_EXERCISE GOAL_
Would you output the entries below only from the line containing "#553=ORIENTED_EDGE('',*,*,#552,.T.);" through the line containing "#560=LINE('',#557,#559);", exactly as they stand and with both ends included?

________________________________________

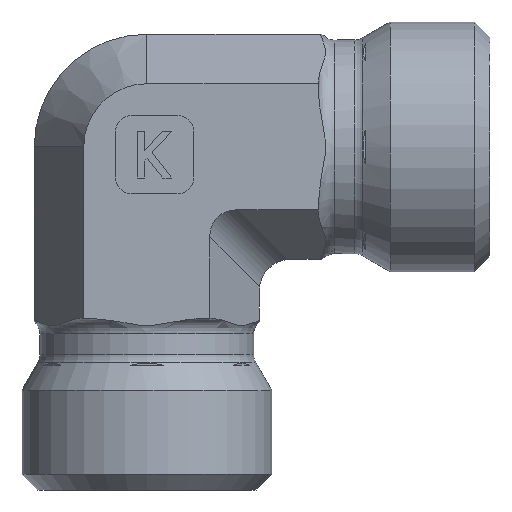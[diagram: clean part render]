
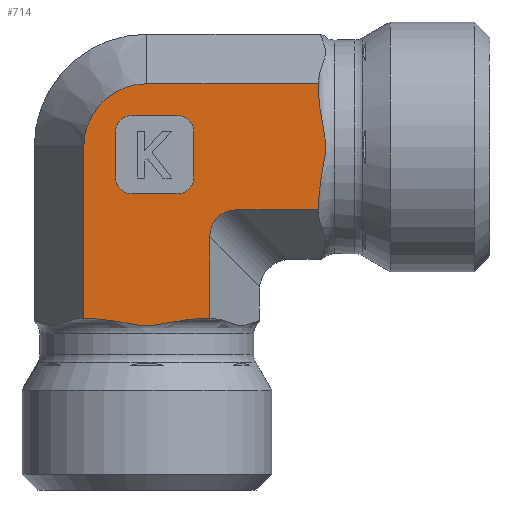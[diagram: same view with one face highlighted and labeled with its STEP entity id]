
A CAD part, left-side view. The second image highlights one B-rep face of the part: STEP entity #714.
In plain terms, the highlighted planar face has unit normal (-1, 0, 0).
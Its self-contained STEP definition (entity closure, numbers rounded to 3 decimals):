
#73=CARTESIAN_POINT('',(-26.485,13.097,3.));
#74=VERTEX_POINT('',#73);
#75=CARTESIAN_POINT('',(-26.485,5.991,3.));
#76=VERTEX_POINT('',#75);
#77=CARTESIAN_POINT('',(-26.485,13.097,3.));
#78=CARTESIAN_POINT('',(-26.485,12.698,3.));
#79=CARTESIAN_POINT('',(-26.485,12.222,2.942));
#80=CARTESIAN_POINT('',(-26.485,11.113,2.75));
#81=CARTESIAN_POINT('',(-26.485,10.27,2.527));
#82=CARTESIAN_POINT('',(-26.485,8.817,2.527));
#83=CARTESIAN_POINT('',(-26.485,7.975,2.75));
#84=CARTESIAN_POINT('',(-26.485,6.865,2.942));
#85=CARTESIAN_POINT('',(-26.485,6.39,3.));
#86=CARTESIAN_POINT('',(-26.485,5.991,3.));
#87=B_SPLINE_CURVE_WITH_KNOTS('',3,(#77,#78,#79,#80,#81,#82,#83,#84,#85,#86),.UNSPECIFIED.,.F.,.U.,(4,2,2,2,4),(0.777,0.897,1.115,1.333,1.452),.UNSPECIFIED.);
#88=EDGE_CURVE('',#74,#76,#87,.T.);
#541=CARTESIAN_POINT('',(-26.485,5.502,0.0));
#542=DIRECTION('',(-1.0,0.0,0.0));
#543=DIRECTION('',(0.0,0.0,1.0));
#544=AXIS2_PLACEMENT_3D('',#541,#542,#543);
#545=PLANE('',#544);
#546=CARTESIAN_POINT('',(-26.485,13.585,3.0));
#547=VERTEX_POINT('',#546);
#548=CARTESIAN_POINT('',(-26.485,13.585,3.));
#549=DIRECTION('',(0.0,-1.0,0.0));
#550=VECTOR('',#549,0.489);
#551=LINE('',#548,#550);
#552=EDGE_CURVE('',#547,#74,#551,.T.);
#553=ORIENTED_EDGE('',*,*,#552,.T.);
#554=ORIENTED_EDGE('',*,*,#88,.T.);
#555=CARTESIAN_POINT('',(-26.485,5.502,3.0));
#556=VERTEX_POINT('',#555);
#557=CARTESIAN_POINT('',(-26.485,5.991,3.));
#558=DIRECTION('',(0.0,-1.0,0.0));
#559=VECTOR('',#558,0.489);
#560=LINE('',#557,#559);
#561=EDGE_CURVE('',#76,#556,#560,.T.);
#562=ORIENTED_EDGE('',*,*,#561,.T.);
#563=CARTESIAN_POINT('',(-26.485,5.502,8.226));
#564=VERTEX_POINT('',#563);
#565=CARTESIAN_POINT('',(-26.485,5.502,3.0));
#566=DIRECTION('',(0.0,0.0,1.0));
#567=VECTOR('',#566,5.226);
#568=LINE('',#565,#567);
#569=EDGE_CURVE('',#556,#564,#568,.T.);
#570=ORIENTED_EDGE('',*,*,#569,.T.);
#571=CARTESIAN_POINT('',(-26.485,3.77,9.959));
#572=VERTEX_POINT('',#571);
#573=CARTESIAN_POINT('',(-26.485,3.193,7.649));
#574=DIRECTION('',(-1.0,0.0,0.0));
#575=DIRECTION('',(0.0,0.707,0.707));
#576=AXIS2_PLACEMENT_3D('',#573,#574,#575);
#577=ELLIPSE('',#576,2.582,2.0);
#578=EDGE_CURVE('',#572,#564,#577,.T.);
#579=ORIENTED_EDGE('',*,*,#578,.F.);
#580=CARTESIAN_POINT('',(-26.485,-1.456,9.959));
#581=VERTEX_POINT('',#580);
#582=CARTESIAN_POINT('',(-26.485,3.77,9.959));
#583=DIRECTION('',(0.0,-1.0,0.0));
#584=VECTOR('',#583,5.226);
#585=LINE('',#582,#584);
#586=EDGE_CURVE('',#572,#581,#585,.T.);
#587=ORIENTED_EDGE('',*,*,#586,.T.);
#588=CARTESIAN_POINT('',(-26.485,-1.456,10.447));
#589=VERTEX_POINT('',#588);
#590=CARTESIAN_POINT('',(-26.485,-1.456,9.959));
#591=DIRECTION('',(0.0,0.0,1.0));
#592=VECTOR('',#591,0.489);
#593=LINE('',#590,#592);
#594=EDGE_CURVE('',#581,#589,#593,.T.);
#595=ORIENTED_EDGE('',*,*,#594,.T.);
#596=CARTESIAN_POINT('',(-26.485,-1.456,17.553));
#597=VERTEX_POINT('',#596);
#598=CARTESIAN_POINT('',(-26.485,-1.456,10.447));
#599=CARTESIAN_POINT('',(-26.485,-1.456,10.846));
#600=CARTESIAN_POINT('',(-26.485,-1.514,11.322));
#601=CARTESIAN_POINT('',(-26.485,-1.706,12.431));
#602=CARTESIAN_POINT('',(-26.485,-1.929,13.273));
#603=CARTESIAN_POINT('',(-26.485,-1.929,14.727));
#604=CARTESIAN_POINT('',(-26.485,-1.706,15.569));
#605=CARTESIAN_POINT('',(-26.485,-1.514,16.678));
#606=CARTESIAN_POINT('',(-26.485,-1.456,17.154));
#607=CARTESIAN_POINT('',(-26.485,-1.456,17.553));
#608=B_SPLINE_CURVE_WITH_KNOTS('',3,(#598,#599,#600,#601,#602,#603,#604,#605,#606,#607),.UNSPECIFIED.,.F.,.U.,(4,2,2,2,4),(0.775,0.894,1.112,1.33,1.45),.UNSPECIFIED.);
#609=EDGE_CURVE('',#589,#597,#608,.T.);
#610=ORIENTED_EDGE('',*,*,#609,.T.);
#611=CARTESIAN_POINT('',(-26.485,-1.456,18.041));
#612=VERTEX_POINT('',#611);
#613=CARTESIAN_POINT('',(-26.485,-1.456,17.553));
#614=DIRECTION('',(0.0,0.0,1.0));
#615=VECTOR('',#614,0.489);
#616=LINE('',#613,#615);
#617=EDGE_CURVE('',#597,#612,#616,.T.);
#618=ORIENTED_EDGE('',*,*,#617,.T.);
#619=CARTESIAN_POINT('',(-26.485,9.544,18.041));
#620=VERTEX_POINT('',#619);
#621=CARTESIAN_POINT('',(-26.485,9.544,18.041));
#622=DIRECTION('',(0.0,-1.0,0.0));
#623=VECTOR('',#622,11.0);
#624=LINE('',#621,#623);
#625=EDGE_CURVE('',#620,#612,#624,.T.);
#626=ORIENTED_EDGE('',*,*,#625,.F.);
#627=CARTESIAN_POINT('',(-26.485,13.585,14.));
#628=VERTEX_POINT('',#627);
#629=CARTESIAN_POINT('',(-26.485,9.544,14.));
#630=DIRECTION('',(-1.0,0.0,0.0));
#631=DIRECTION('',(0.0,0.0,1.0));
#632=AXIS2_PLACEMENT_3D('',#629,#630,#631);
#633=CIRCLE('',#632,4.041);
#634=EDGE_CURVE('',#620,#628,#633,.T.);
#635=ORIENTED_EDGE('',*,*,#634,.T.);
#636=CARTESIAN_POINT('',(-26.485,13.585,3.0));
#637=DIRECTION('',(0.0,0.0,1.0));
#638=VECTOR('',#637,11.);
#639=LINE('',#636,#638);
#640=EDGE_CURVE('',#547,#628,#639,.T.);
#641=ORIENTED_EDGE('',*,*,#640,.F.);
#642=EDGE_LOOP('',(#553,#554,#562,#570,#579,#587,#595,#610,#618,#626,#635,#641));
#643=FACE_OUTER_BOUND('',#642,.T.);
#644=CARTESIAN_POINT('',(-26.485,7.544,11.));
#645=VERTEX_POINT('',#644);
#646=CARTESIAN_POINT('',(-26.485,10.544,11.));
#647=VERTEX_POINT('',#646);
#648=CARTESIAN_POINT('',(-26.485,7.544,11.));
#649=DIRECTION('',(0.0,1.0,0.0));
#650=VECTOR('',#649,3.);
#651=LINE('',#648,#650);
#652=EDGE_CURVE('',#645,#647,#651,.T.);
#653=ORIENTED_EDGE('',*,*,#652,.T.);
#654=CARTESIAN_POINT('',(-26.485,11.544,12.));
#655=VERTEX_POINT('',#654);
#656=CARTESIAN_POINT('',(-26.485,10.544,12.));
#657=DIRECTION('',(-1.0,0.0,0.0));
#658=DIRECTION('',(0.0,0.707,-0.707));
#659=AXIS2_PLACEMENT_3D('',#656,#657,#658);
#660=CIRCLE('',#659,1.0);
#661=EDGE_CURVE('',#655,#647,#660,.T.);
#662=ORIENTED_EDGE('',*,*,#661,.F.);
#663=CARTESIAN_POINT('',(-26.485,11.544,15.));
#664=VERTEX_POINT('',#663);
#665=CARTESIAN_POINT('',(-26.485,11.544,12.));
#666=DIRECTION('',(0.0,0.0,1.0));
#667=VECTOR('',#666,3.0);
#668=LINE('',#665,#667);
#669=EDGE_CURVE('',#655,#664,#668,.T.);
#670=ORIENTED_EDGE('',*,*,#669,.T.);
#671=CARTESIAN_POINT('',(-26.485,10.544,16.));
#672=VERTEX_POINT('',#671);
#673=CARTESIAN_POINT('',(-26.485,10.544,15.));
#674=DIRECTION('',(-1.0,0.0,0.0));
#675=DIRECTION('',(0.0,0.707,0.707));
#676=AXIS2_PLACEMENT_3D('',#673,#674,#675);
#677=CIRCLE('',#676,1.0);
#678=EDGE_CURVE('',#672,#664,#677,.T.);
#679=ORIENTED_EDGE('',*,*,#678,.F.);
#680=CARTESIAN_POINT('',(-26.485,7.544,16.));
#681=VERTEX_POINT('',#680);
#682=CARTESIAN_POINT('',(-26.485,10.544,16.));
#683=DIRECTION('',(0.0,-1.0,0.0));
#684=VECTOR('',#683,3.0);
#685=LINE('',#682,#684);
#686=EDGE_CURVE('',#672,#681,#685,.T.);
#687=ORIENTED_EDGE('',*,*,#686,.T.);
#688=CARTESIAN_POINT('',(-26.485,6.544,15.));
#689=VERTEX_POINT('',#688);
#690=CARTESIAN_POINT('',(-26.485,7.544,15.));
#691=DIRECTION('',(-1.0,0.0,0.0));
#692=DIRECTION('',(0.0,-0.707,0.707));
#693=AXIS2_PLACEMENT_3D('',#690,#691,#692);
#694=CIRCLE('',#693,1.0);
#695=EDGE_CURVE('',#689,#681,#694,.T.);
#696=ORIENTED_EDGE('',*,*,#695,.F.);
#697=CARTESIAN_POINT('',(-26.485,6.544,12.));
#698=VERTEX_POINT('',#697);
#699=CARTESIAN_POINT('',(-26.485,6.544,15.));
#700=DIRECTION('',(0.0,0.0,-1.0));
#701=VECTOR('',#700,3.0);
#702=LINE('',#699,#701);
#703=EDGE_CURVE('',#689,#698,#702,.T.);
#704=ORIENTED_EDGE('',*,*,#703,.T.);
#705=CARTESIAN_POINT('',(-26.485,7.544,12.));
#706=DIRECTION('',(-1.0,0.0,0.0));
#707=DIRECTION('',(0.0,-0.707,-0.707));
#708=AXIS2_PLACEMENT_3D('',#705,#706,#707);
#709=CIRCLE('',#708,1.0);
#710=EDGE_CURVE('',#645,#698,#709,.T.);
#711=ORIENTED_EDGE('',*,*,#710,.F.);
#712=EDGE_LOOP('',(#653,#662,#670,#679,#687,#696,#704,#711));
#713=FACE_BOUND('',#712,.T.);
#714=ADVANCED_FACE('',(#643,#713),#545,.T.);

________________________________________

_SOLVED PROBLEM_
#553=ORIENTED_EDGE('',*,*,#552,.T.);
#554=ORIENTED_EDGE('',*,*,#88,.T.);
#555=CARTESIAN_POINT('',(-26.485,5.502,3.0));
#556=VERTEX_POINT('',#555);
#557=CARTESIAN_POINT('',(-26.485,5.991,3.));
#558=DIRECTION('',(0.0,-1.0,0.0));
#559=VECTOR('',#558,0.489);
#560=LINE('',#557,#559);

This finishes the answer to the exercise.